# Drunken, stubborn, first encounters



## Beam (Mar 3, 2010)

This story is about my first encounter with our beloved train police, and it has proven to me that drunken stupidity and stubbornness can have it's upsides. I was sitting in Tucson for a couple weeks, I had just arrived from Quartzsite with a couple from WA named James and Ashley....I met up with a future friend of mine named Shane at the info shop there in town. We spent most of our time going to bum feeds (had a nice Thanksgiving one, thank you) drinking in the tunnels, and even got caught down there. The police, when they caught us used their brilliant police logic and explained to us that if we "wouldn't go and smoke a joint, why would we walk through some tunnels?" Righhhht....They even handcuffed me after refusing to show my ID, even though there clearly were no signs posted and the only reason we got caught in the first place is 'cause some homebums decided to sleep in the entrance...Good thing I had ditched my weed in the tunnel before they saw me, 'cause even having a single seed or a stem is a felony in Arizona and I even tried to go the other way but they followed me in there and caught me, and our converstation went something like this -
Pigs - "Is there anyone else in these tunnels"
Me (stoned and being an ass) - "Uh, I'm not sure...its really dark in here, so there's a good 20, or 25 percent chance that there could or could not be someone in these tunnels"
Pigs - "Get the fuck out there and sit down next to your friends"
Other pigs - "Do you have an ID?"
Me - "I don't know, do I even have to show you that, we were just passing through and there are no signs posted. Tell us what we did wrong."
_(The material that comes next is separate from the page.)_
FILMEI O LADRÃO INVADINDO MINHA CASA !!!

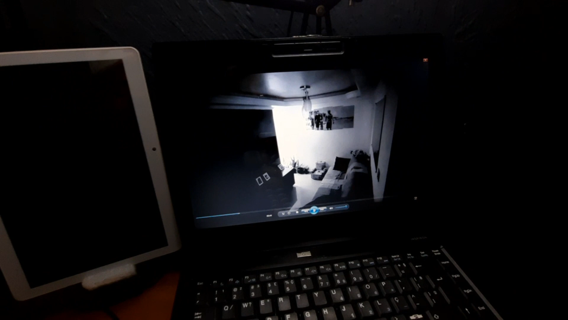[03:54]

On went the handcuffs and they brilliantly explained to us their smoking weed versus being in tunnels metaphor, and even though we blatantly told 'em we weren't gonna pay for the tickets and were leaving that weekend, they still let us go...lucky me. One of the cops was really upset about my percentages inquiry and said something to me like this -

Pig - "Got any drugs on you?"
Me - "Nope, (looks at the ground)"
Pig - "Are you sure? What percent sure you? 20? 110?"
Me - "How could I be 20 or 110? I'm pretty I'd know what I had on me, so 20 seems outta the question, and 110 just sounds ridiculous and over the top."
The cop just looked confused and shut up. Seriously. These were bike cops. The fuck ups of the cop world. 
Me - "I want my knife back"

On rolls the weekend, and we weren't gonna let this little infraction delay our plans. We were gonna leave, so we re-upped on food and water and headed to the yard, ran across the freeway and used our brand new fence cutters on the fence. We thought it would be a good idea to go during the day, I blame the alcohol , and even worse to hide in some desert shrubs next to the fence and just wait for the train to roll up. Which it did, and it was a piggy back. We were good to go, but at the last second Ashley and James get off the train - right in front of the bull. They get off on his side and then he spotted Shane and I and it went a little something like this...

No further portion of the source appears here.